The parameter optimization process allowed us to determine the dataset-specific parameter combination maximizing their sensitivity without an excessive specificity loss. The optimization had a different impact on different tools: while CODEX2 showed a higher sensitivity in all four datasets the rest of the tools showed modest improvements. This is mainly due to the fact that sensitivity was already over 0.9 for most combinations and the number of false negatives to correctly call was small (between 4 and 8) in the per gene metric.

The final optimized parameters were dataset specific, so we do not recommend using them directly on other datasets where the data have been obtained differently (different capture protocol or sequencing technologies, for example).

Based on our results, we would recommend optimizing the parameters for each specific dataset before adding any CNV calling tool to a genetic diagnostics pipeline to maximize its sensitivity and reduce the risk of misdiagnosis. To that end, we have developed an R framework, CNVbenchmarkeR (freely available at https://github.com/TranslationalBioinformaticsIGTP/CNVbenchmarkeR), that will help to perform the testing and optimization process in any new dataset.

Diagnostics scenario

Two tools showed performance good enough to be implemented as screening methods in the diagnostics scenario evaluated in our two in-house datasets (Fig. 4): DECoN and panelcn.MOPS. While panelcn.MOPS was able to detect all CNVs both with the default and the optimized parameters, DECoN reached almost perfect sensitivity and outperformed panelcn.MOPS specificity when using the optimized parameters, although the difference is not statistically significant. DECoN only missed a mosaic CNV affecting two exons of the NF2 gene. CoNVaDING also detected all CNVs, but the high number of no-call regions reduced its specificity to values between 4.1 and 21.9%, which rendered it non-valid as a screening tool.
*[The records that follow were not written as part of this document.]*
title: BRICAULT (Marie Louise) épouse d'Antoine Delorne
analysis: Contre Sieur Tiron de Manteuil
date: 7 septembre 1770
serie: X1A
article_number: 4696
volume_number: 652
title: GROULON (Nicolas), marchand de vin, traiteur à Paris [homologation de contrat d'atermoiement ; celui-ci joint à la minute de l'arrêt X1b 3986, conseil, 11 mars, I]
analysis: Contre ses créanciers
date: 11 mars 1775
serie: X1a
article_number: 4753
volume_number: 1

The parameter optimization process improved the sensitivity of most tools. For example, for the In-house MiSeq dataset, DECoN sensitivity increased from 98.4% (CI: 91.6–100%) to 100% (CI: 94.4–100%), and the specificity increased from 78.5% (CI: 71.6–84.4%) to 91.3% (CI: 86.0–95.0%). This improvement highlights the importance of fine-tuning the tool parameters for each specific task, and shows that the optimization process performed in this work has been key for the evaluation of the different tools.
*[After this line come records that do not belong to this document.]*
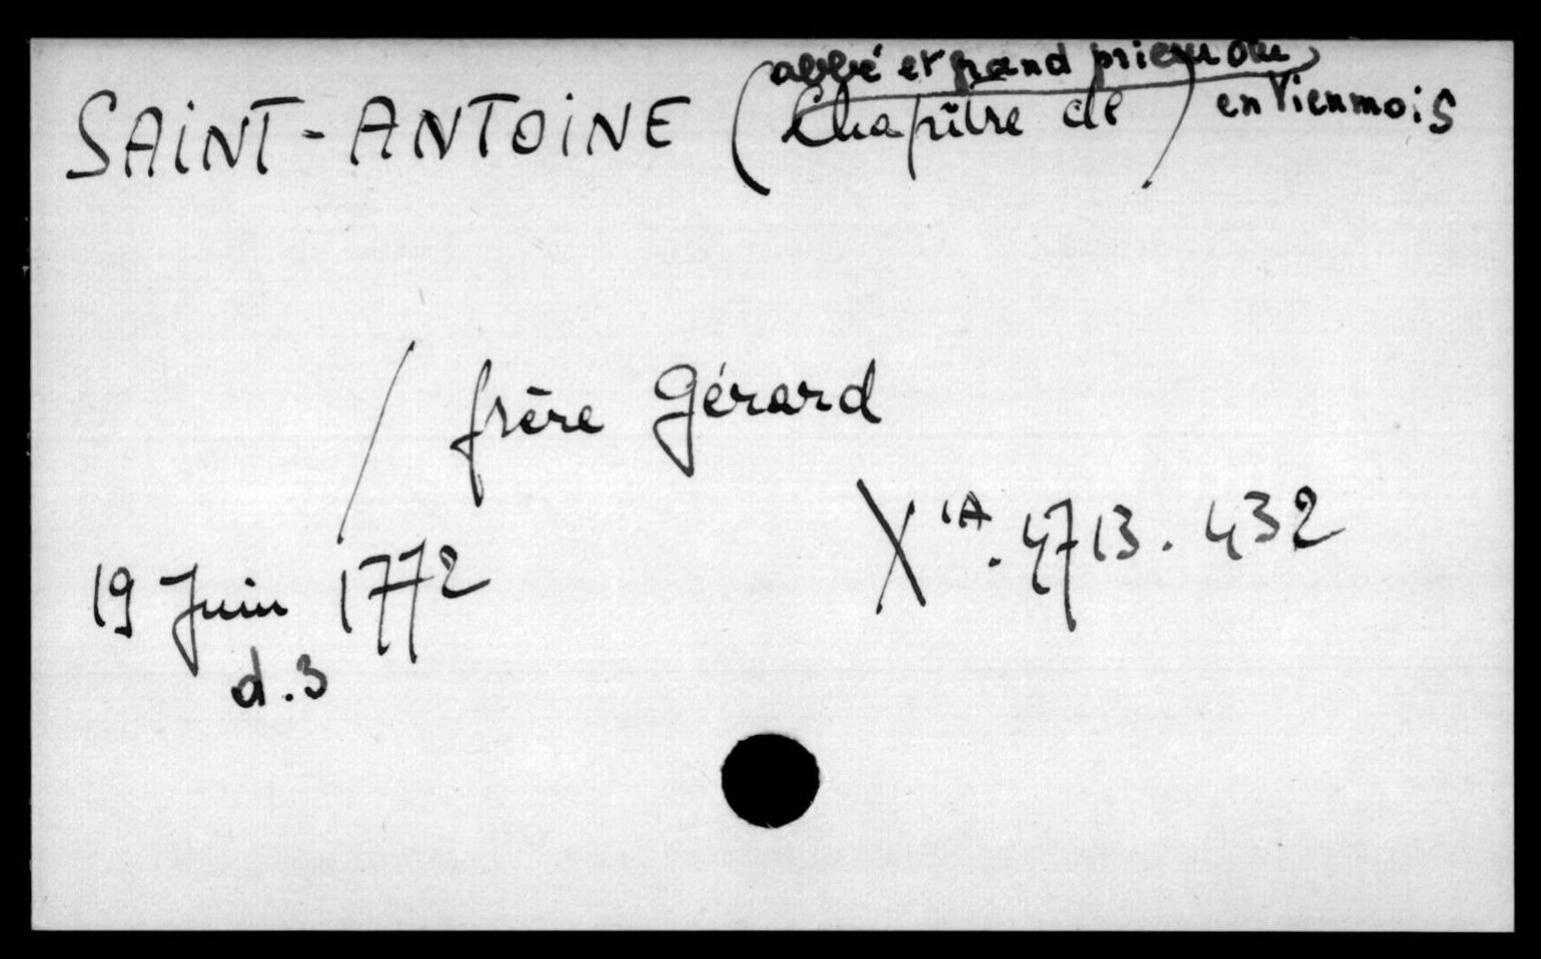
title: SAINT-ANTOINE (abbé et grand prieur du chapitre de), en Viennois
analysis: Contre frère Gérard
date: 19 juin 1772
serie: X1A
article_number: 4713
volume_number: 432

The high sensitivity reached by DECoN and panelcn.MOPS in different datasets, where they identified all known CNVs, shows that NGS data can be used as a CNV screening step in a genetic diagnostics setting. This screening step has the potential to improve the diagnostics routines. As an example, the high specificity reached by DECoN in the in-house MiSeq dataset with the optimized parameters means that around 91% of genes with no CNV would not need to be specifically tested for CNVs when using DECoN as a screening step. The resources saved by the reduction in the number of required tests could be used to expand the number of genes analyzed, potentially increasing the final diagnostics yield.
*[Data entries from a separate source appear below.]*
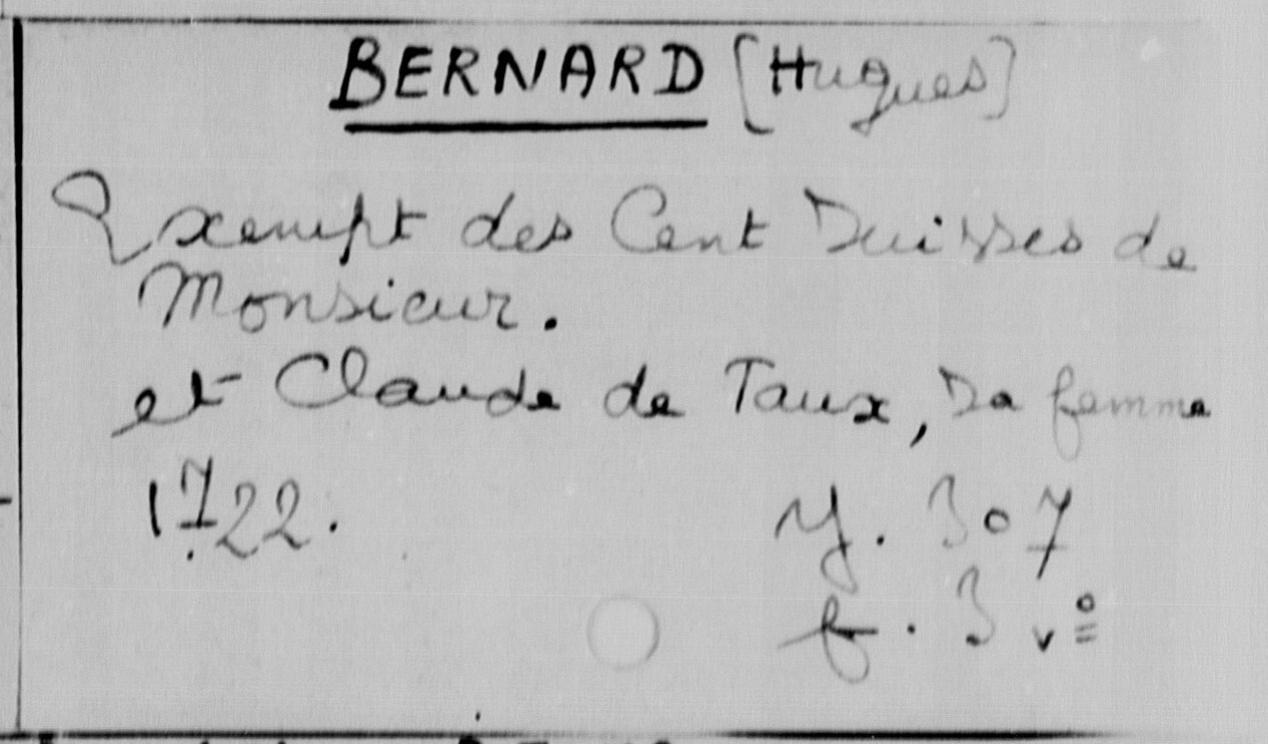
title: BERNARD (Hugues)
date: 1722
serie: Y
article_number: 307
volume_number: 3v
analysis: Exempt des Cent Suisses de Monsieur. et Claude de Taux, sa femme
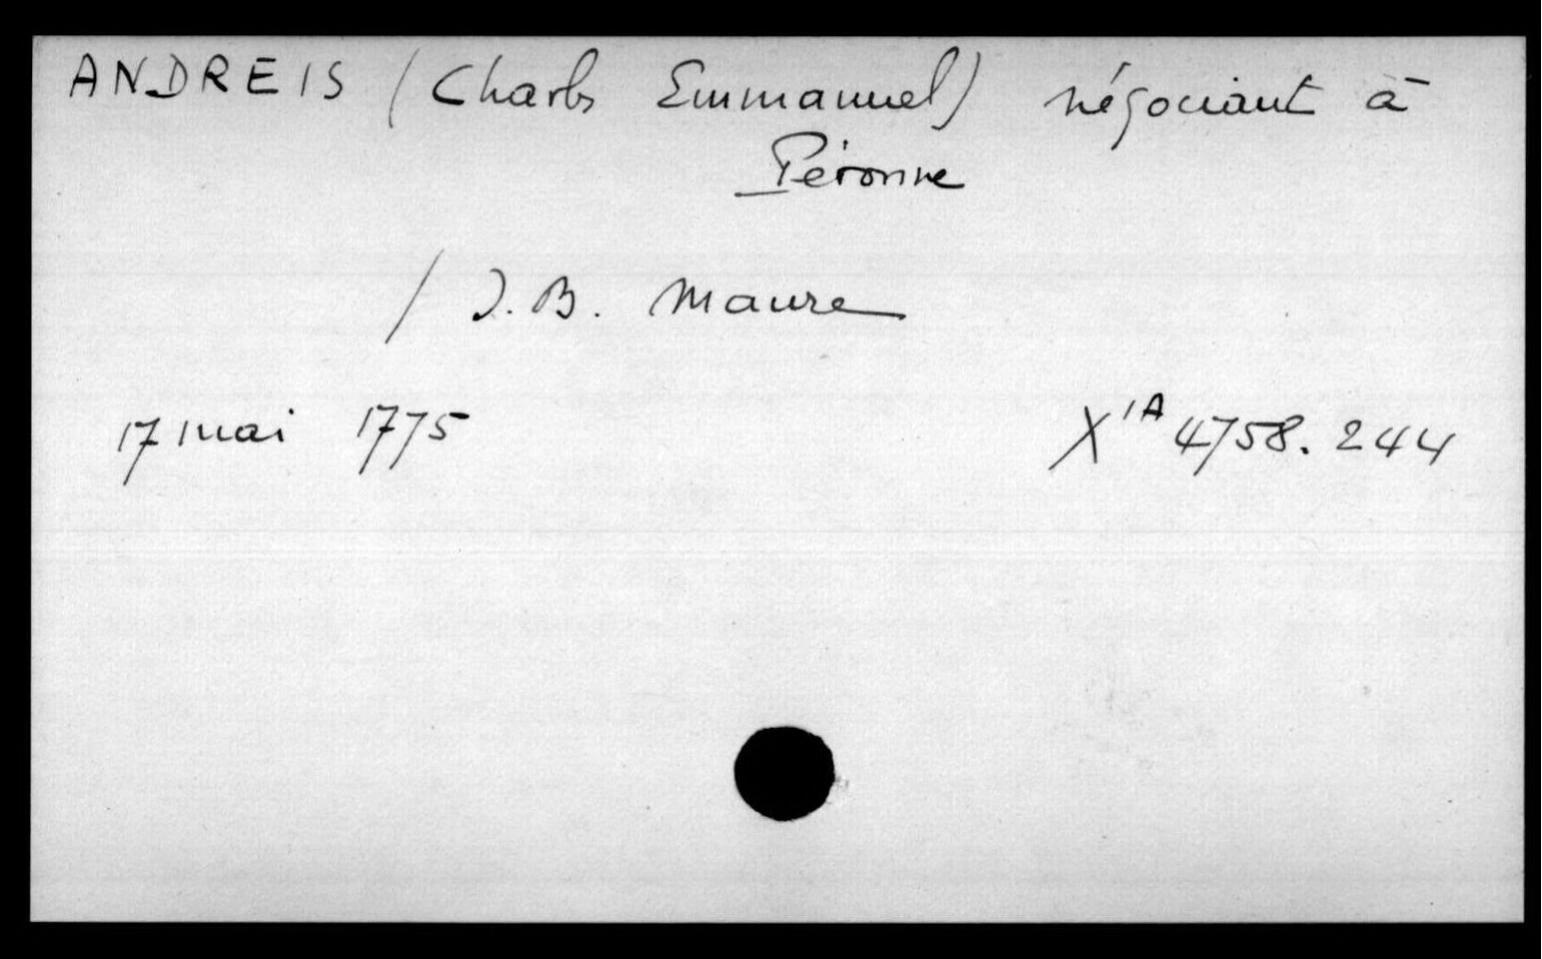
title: ANDREIS (Charles Emmanuel) négociant à Péronne
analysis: Contre Jean-Baptiste Maure
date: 17 mai 1775
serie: X1A
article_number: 4758
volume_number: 244

In conclusion, according to our analysis, DECoN and panelcn.MOPS provide the highest performance for CNV screening before orthogonal confirmation. Although panelcn.MOPS showed a slightly higher sensitivity in one of the datasets, DECoN showed a much higher specificity in the diagnostics scenario. Our results also showed that tools performance depends on the dataset. Therefore, it may be important to evaluate potential tools on an in-house dataset before implementing one as a screening method in the diagnostics routine.